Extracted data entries
____________

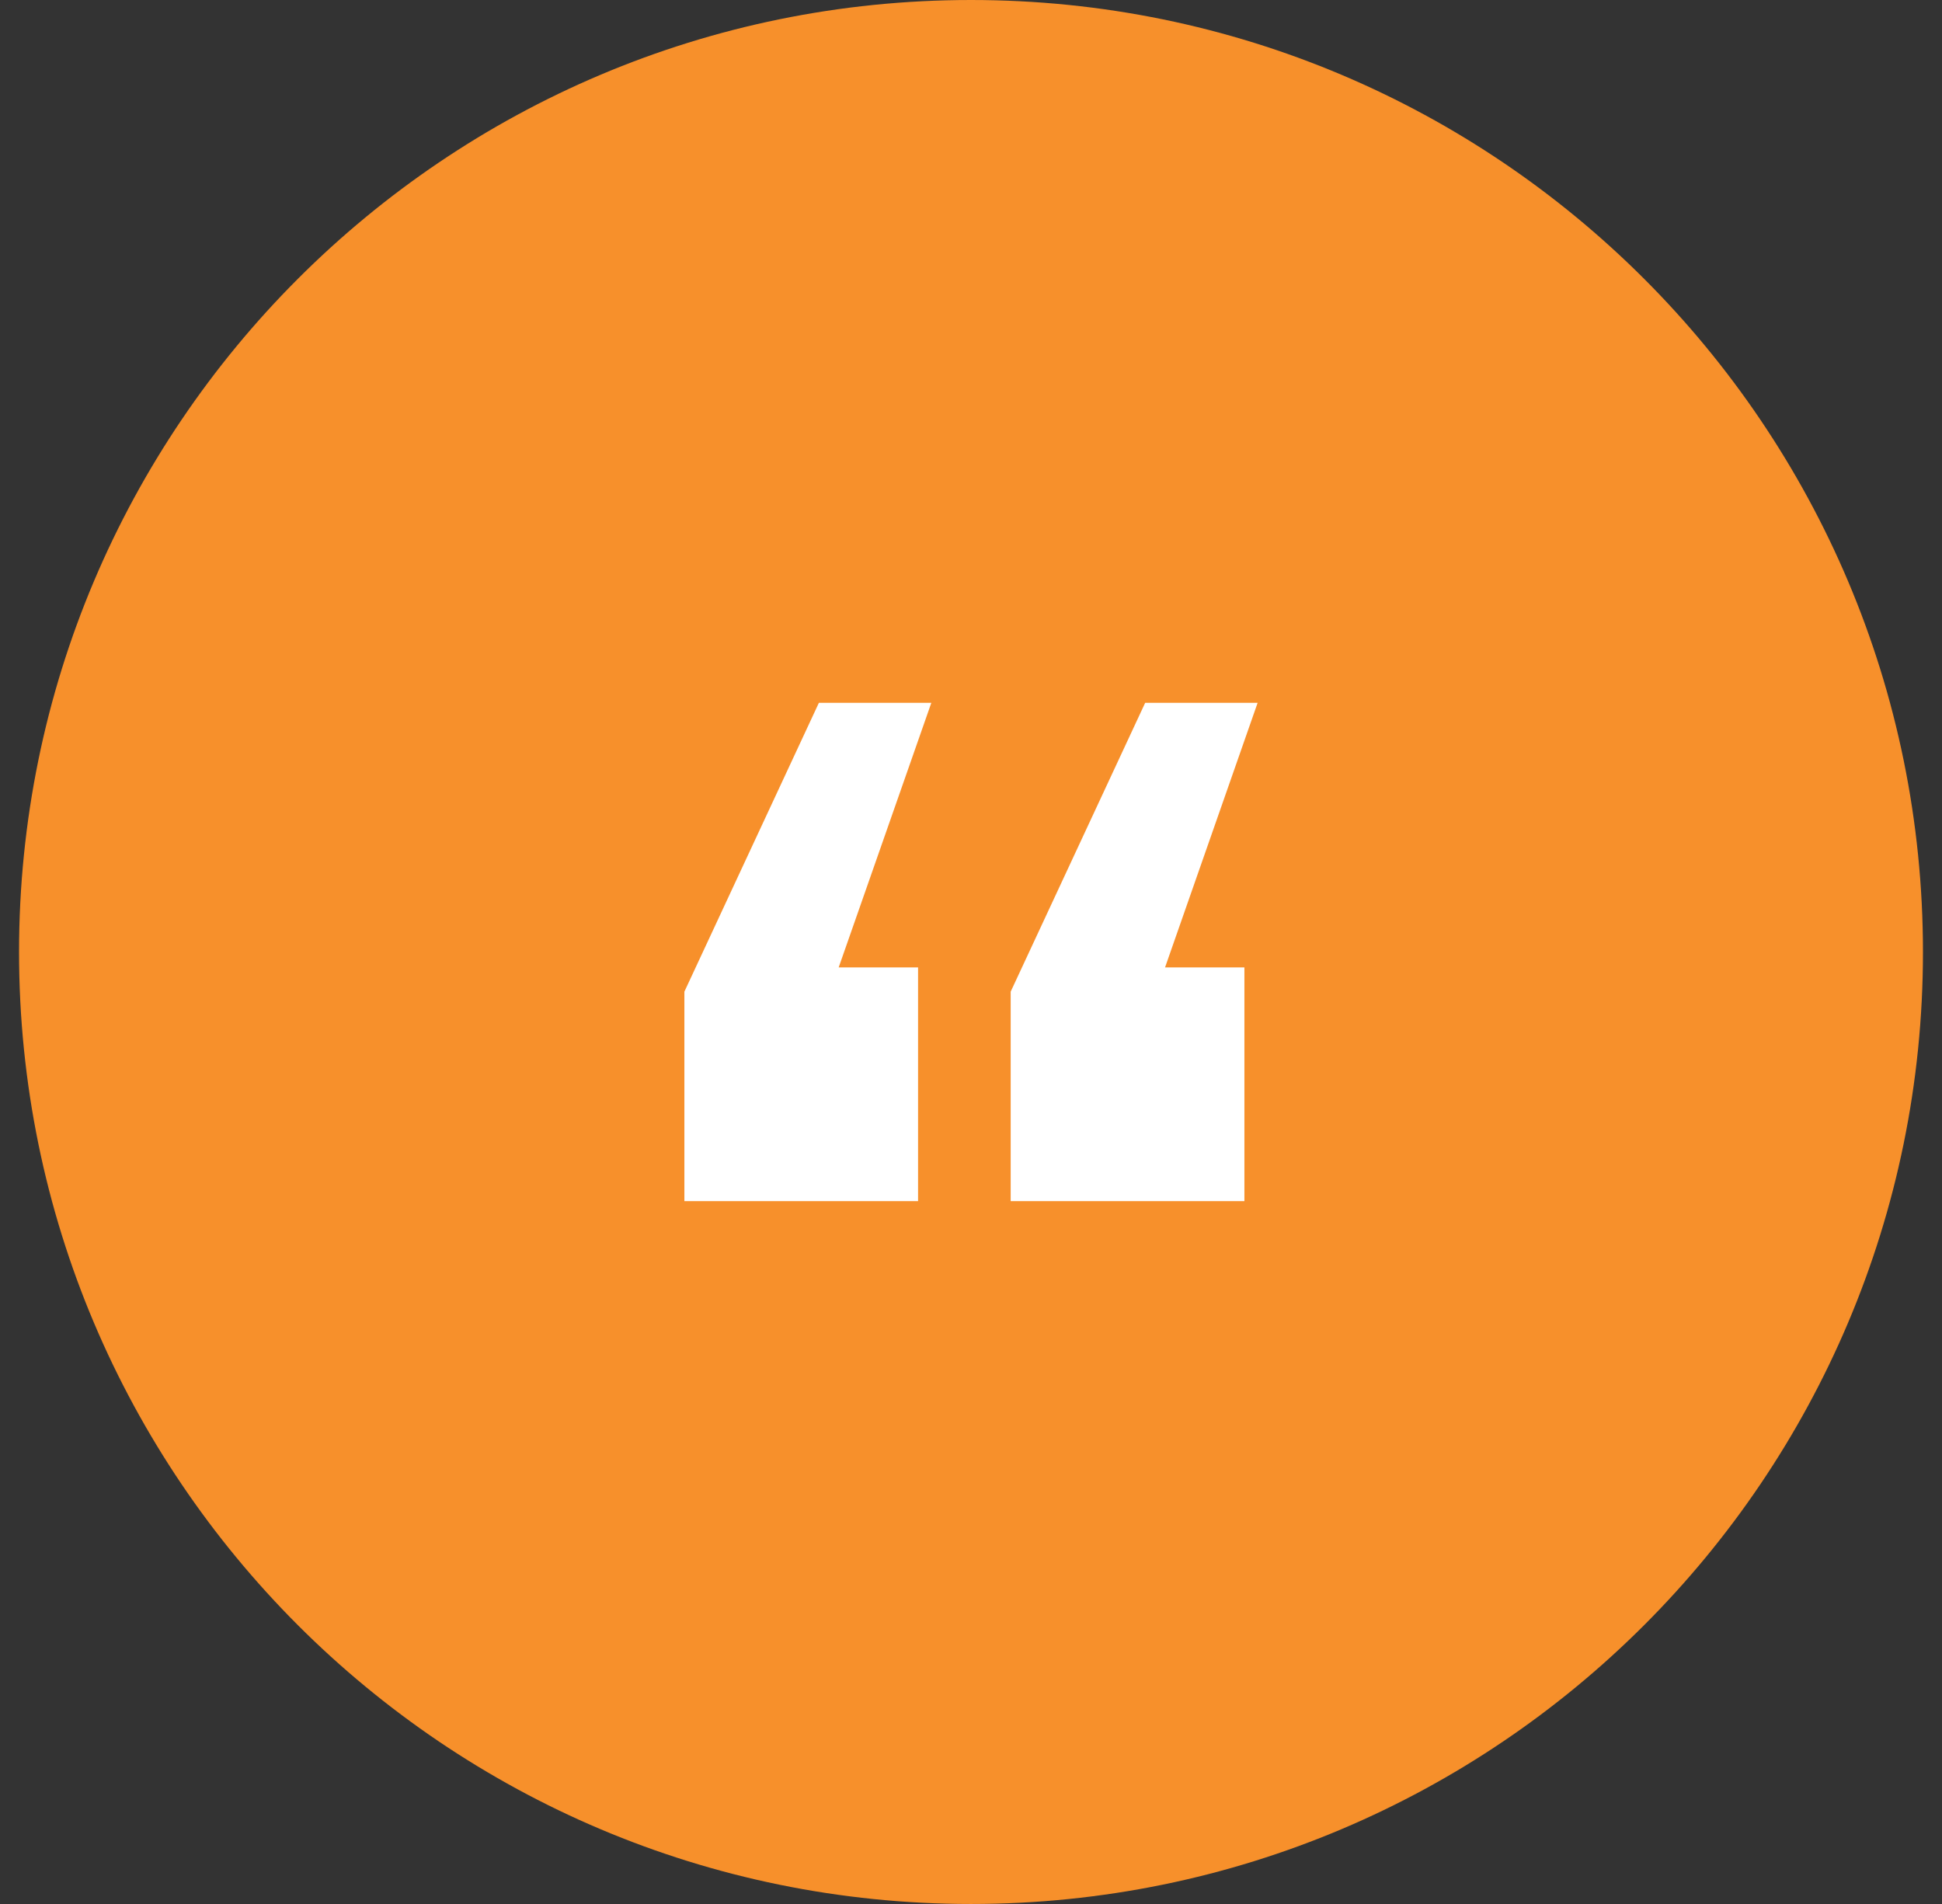 <svg width="51" height="50" viewBox="0 0 51 50" fill="none" xmlns="http://www.w3.org/2000/svg">
<rect x="0" y="0" width="51" height="50" fill="#333333" stroke="none"/>
<g clip-path="url(#clip0_279_6374)">
<path d="M25.5 50C39.307 50 50.5 38.807 50.5 25C50.5 11.193 39.307 0 25.5 0C11.693 0 0.5 11.193 0.5 25C0.5 38.807 11.693 50 25.5 50Z" fill="#F7902B"/>
<path d="M17.973 26.042L21.505 18.457H24.458L22.025 25.405H24.11V31.543H17.973V26.042ZM26.542 26.042L30.074 18.457H33.027L30.596 25.405H32.68V31.543H26.542V26.042Z" fill="white"/>
</g>
<defs>
<clipPath id="clip0_279_6374">
<rect width="50" height="50" fill="white" transform="translate(0.5)"/>
</clipPath>
</defs>
</svg>
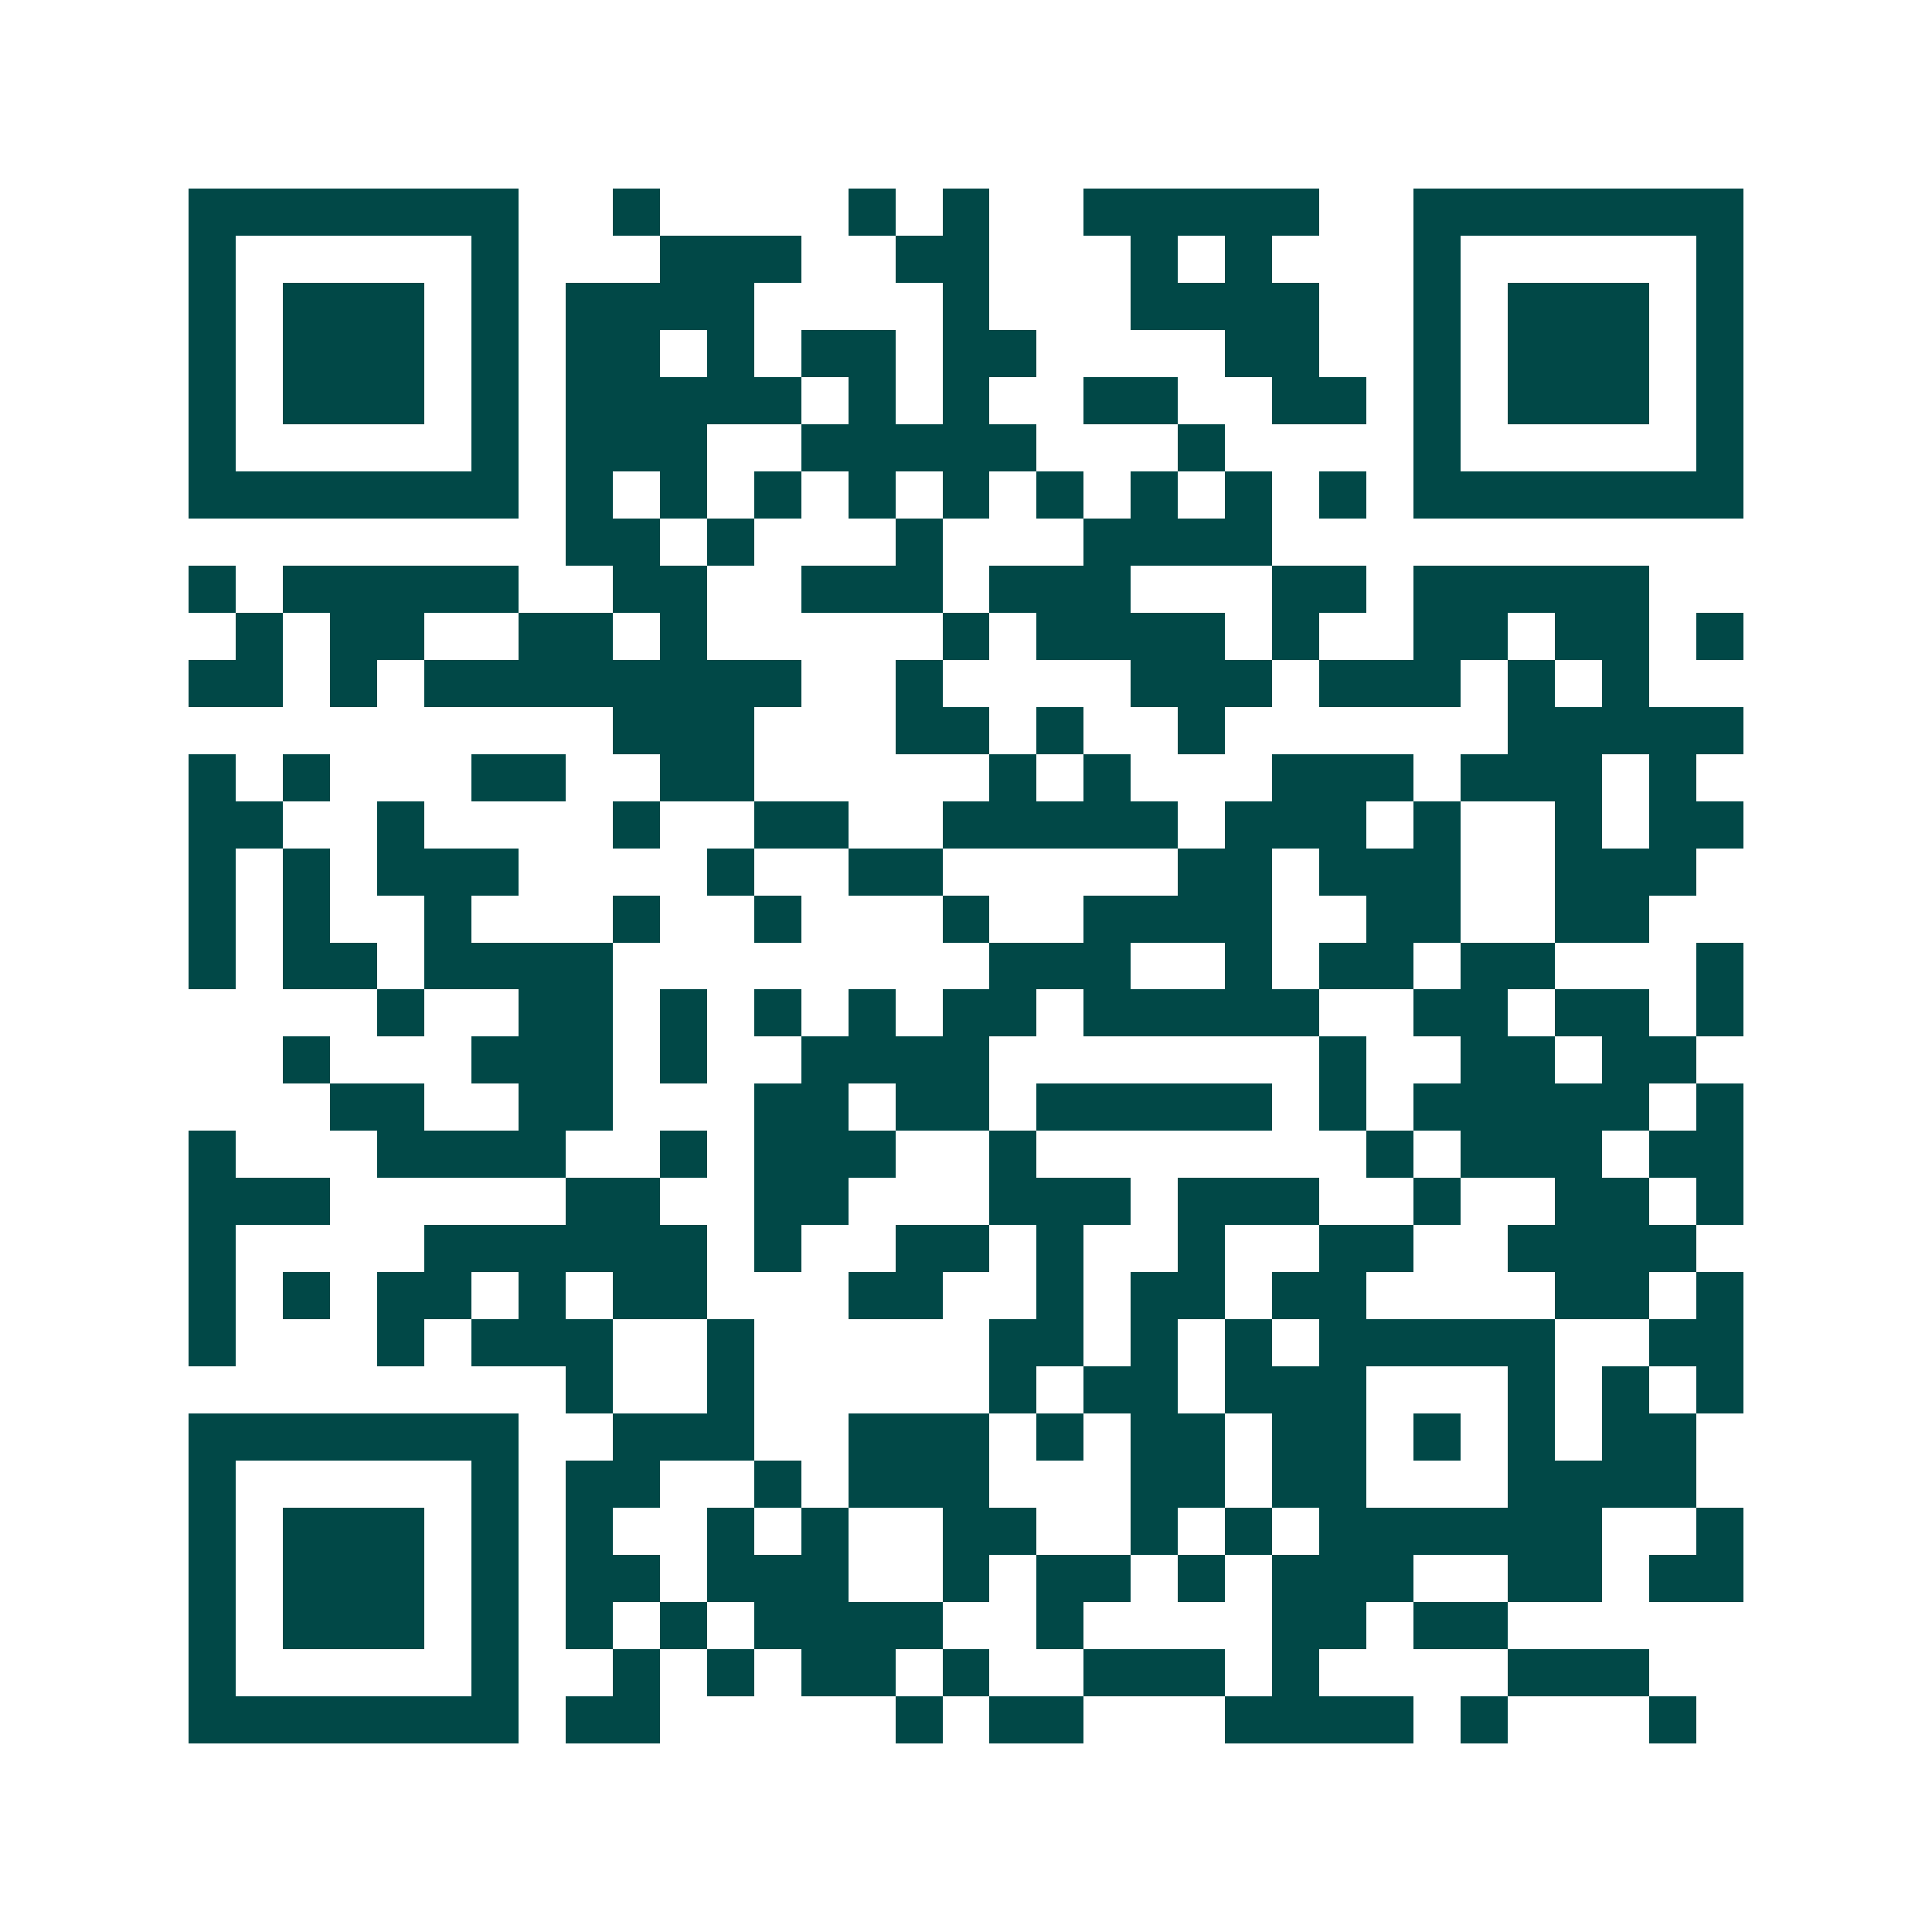 <svg xmlns="http://www.w3.org/2000/svg" width="200" height="200" viewBox="0 0 41 41" shape-rendering="crispEdges"><path fill="#ffffff" d="M0 0h41v41H0z"/><path stroke="#014847" d="M4 4.5h7m2 0h1m4 0h1m1 0h1m2 0h5m2 0h7M4 5.5h1m5 0h1m3 0h3m2 0h2m3 0h1m1 0h1m3 0h1m5 0h1M4 6.5h1m1 0h3m1 0h1m1 0h4m4 0h1m3 0h4m2 0h1m1 0h3m1 0h1M4 7.5h1m1 0h3m1 0h1m1 0h2m1 0h1m1 0h2m1 0h2m4 0h2m2 0h1m1 0h3m1 0h1M4 8.5h1m1 0h3m1 0h1m1 0h5m1 0h1m1 0h1m2 0h2m2 0h2m1 0h1m1 0h3m1 0h1M4 9.5h1m5 0h1m1 0h3m2 0h5m3 0h1m4 0h1m5 0h1M4 10.5h7m1 0h1m1 0h1m1 0h1m1 0h1m1 0h1m1 0h1m1 0h1m1 0h1m1 0h1m1 0h7M12 11.5h2m1 0h1m3 0h1m3 0h4M4 12.5h1m1 0h5m2 0h2m2 0h3m1 0h3m3 0h2m1 0h5M5 13.5h1m1 0h2m2 0h2m1 0h1m5 0h1m1 0h4m1 0h1m2 0h2m1 0h2m1 0h1M4 14.5h2m1 0h1m1 0h8m2 0h1m4 0h3m1 0h3m1 0h1m1 0h1M13 15.5h3m3 0h2m1 0h1m2 0h1m6 0h5M4 16.5h1m1 0h1m3 0h2m2 0h2m5 0h1m1 0h1m3 0h3m1 0h3m1 0h1M4 17.5h2m2 0h1m4 0h1m2 0h2m2 0h5m1 0h3m1 0h1m2 0h1m1 0h2M4 18.5h1m1 0h1m1 0h3m4 0h1m2 0h2m5 0h2m1 0h3m2 0h3M4 19.5h1m1 0h1m2 0h1m3 0h1m2 0h1m3 0h1m2 0h4m2 0h2m2 0h2M4 20.5h1m1 0h2m1 0h4m8 0h3m2 0h1m1 0h2m1 0h2m3 0h1M8 21.5h1m2 0h2m1 0h1m1 0h1m1 0h1m1 0h2m1 0h5m2 0h2m1 0h2m1 0h1M6 22.5h1m3 0h3m1 0h1m2 0h4m7 0h1m2 0h2m1 0h2M7 23.5h2m2 0h2m3 0h2m1 0h2m1 0h5m1 0h1m1 0h5m1 0h1M4 24.5h1m3 0h4m2 0h1m1 0h3m2 0h1m7 0h1m1 0h3m1 0h2M4 25.5h3m5 0h2m2 0h2m3 0h3m1 0h3m2 0h1m2 0h2m1 0h1M4 26.5h1m4 0h6m1 0h1m2 0h2m1 0h1m2 0h1m2 0h2m2 0h4M4 27.5h1m1 0h1m1 0h2m1 0h1m1 0h2m3 0h2m2 0h1m1 0h2m1 0h2m4 0h2m1 0h1M4 28.5h1m3 0h1m1 0h3m2 0h1m5 0h2m1 0h1m1 0h1m1 0h5m2 0h2M12 29.5h1m2 0h1m5 0h1m1 0h2m1 0h3m3 0h1m1 0h1m1 0h1M4 30.5h7m2 0h3m2 0h3m1 0h1m1 0h2m1 0h2m1 0h1m1 0h1m1 0h2M4 31.5h1m5 0h1m1 0h2m2 0h1m1 0h3m3 0h2m1 0h2m3 0h4M4 32.5h1m1 0h3m1 0h1m1 0h1m2 0h1m1 0h1m2 0h2m2 0h1m1 0h1m1 0h6m2 0h1M4 33.5h1m1 0h3m1 0h1m1 0h2m1 0h3m2 0h1m1 0h2m1 0h1m1 0h3m2 0h2m1 0h2M4 34.5h1m1 0h3m1 0h1m1 0h1m1 0h1m1 0h4m2 0h1m4 0h2m1 0h2M4 35.5h1m5 0h1m2 0h1m1 0h1m1 0h2m1 0h1m2 0h3m1 0h1m4 0h3M4 36.5h7m1 0h2m5 0h1m1 0h2m3 0h4m1 0h1m3 0h1"/></svg>

____________

**Exercise instructions**
Go through the data above and return each line containing the string "rect".

**Exercise result**
<rect x="0" y="0" width="51" height="50" fill="#333333" stroke="none"/>
<rect width="50" height="50" fill="white" transform="translate(0.5)"/>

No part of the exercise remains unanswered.